Feeling nudge from Fishers, Fortville aims to attract more businesses

June 28, 2016
The big attraction at Broadway and Maple in Fortville is Sunrise Bakery (building at right), next to the town's only stoplight. (Image courtesy Google Maps)

The small town of Fortville in Hancock County is taking big steps to attract more business activity as residential development from nearby Fishers creeps closer to its borders.

With roughly 4,000 residents, Fortville sits six miles east of Marion County's northeast corner—past McCordsville on U.S. 36 and within minutes of Hamilton County.

The town for years has remained a blip on the map. But officials, like their brethren in neighboring McCordsville, suspect that’s about to change due to Fishers’ swelling population.

To help grease the wheels, Fortville is undertaking $6 million in infrastructure improvements and expanding its lone tax-increment financing district while creating another.

Municipalities establish TIFs to capture taxes from properties in areas identified for redevelopment. Property taxes from new development in a district go in a fund that is invested back into the district.

The Fortville Town Council last month agreed to expand the TIF district on the east side to encompass a one-mile stretch through the center of town along U.S. 36—known as Broadway Street within its borders.

“It’s ugly,” admitted Burns Gutzwiller, president of the town’s redevelopment commission. “Twenty-five thousand cars pass through every day on Broadway, but far less than 1,000 stay to do any business.”

One of the few draws along the thoroughfare is Sunrise Bakery, unless motorists stop for gas at the Huck’s or Speedway convenience stores.

Two blocks north of Broadway, however, on Main Street, the year-old FoxGardin Kitchen & Ale gastropub is attracting a lot of visitors, especially from the nearby Geist area, Gutzwiller said.
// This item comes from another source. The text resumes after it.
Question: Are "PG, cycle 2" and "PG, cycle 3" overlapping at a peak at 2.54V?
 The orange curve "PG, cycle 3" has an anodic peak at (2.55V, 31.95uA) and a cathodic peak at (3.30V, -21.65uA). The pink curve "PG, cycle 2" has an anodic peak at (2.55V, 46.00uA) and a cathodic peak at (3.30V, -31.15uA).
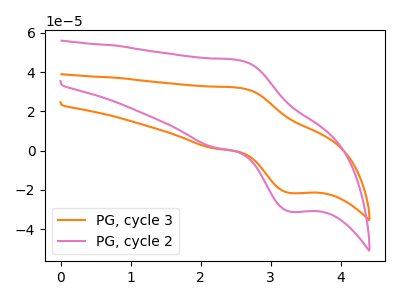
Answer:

Fortville officials hope to capitalize on the restaurant’s success by expanding the TIF to target a mix of restaurants and boutique shops.

Several properties along Broadway are for sale, which could make the area ripe for redevelop, Gutzwiller said. A lack of sidewalks along the stretch likely has contributed to the vacancies.

But the $6 million in mostly state and federal money earmarked for infrastructure improvements will fund new sidewalks, landscaping, lighting and crosswalks in the area surrounding Main Street. A trail system that will connect to Mount Vernon High School to the south also is in the works.  

The new TIF district was approved by the council June 20 and extends south along Fortville Pike and County Road 200 West. Officials hope the district will lure more industrial and office users to the area. It’s the first new TIF the town has created since 2003. The original TIF houses seven businesses in an industrial park.

Fortville has been a one-stoplight town for several years. But that’s about to change, due to increasing traffic as Fishers housing developments inch closer.

Two of the largest are Ryland Homes’ 530-lot Vermillion community and the 350-home Steeplechase from Ryland and M/I Homes, both to the west of Fortville.

The existing stoplight at Maple and Broadway streets will be joined by another next year at 96th and Broadway streets and yet another slated to be installed in 2018 at North Madison (State Road 13) and Broadway streets.

The increased activity has Fortville Town Manager Joe Renner excited about the future.

“We hope for Fortville to be a destination someday,” he said, “not just a blip on the road.”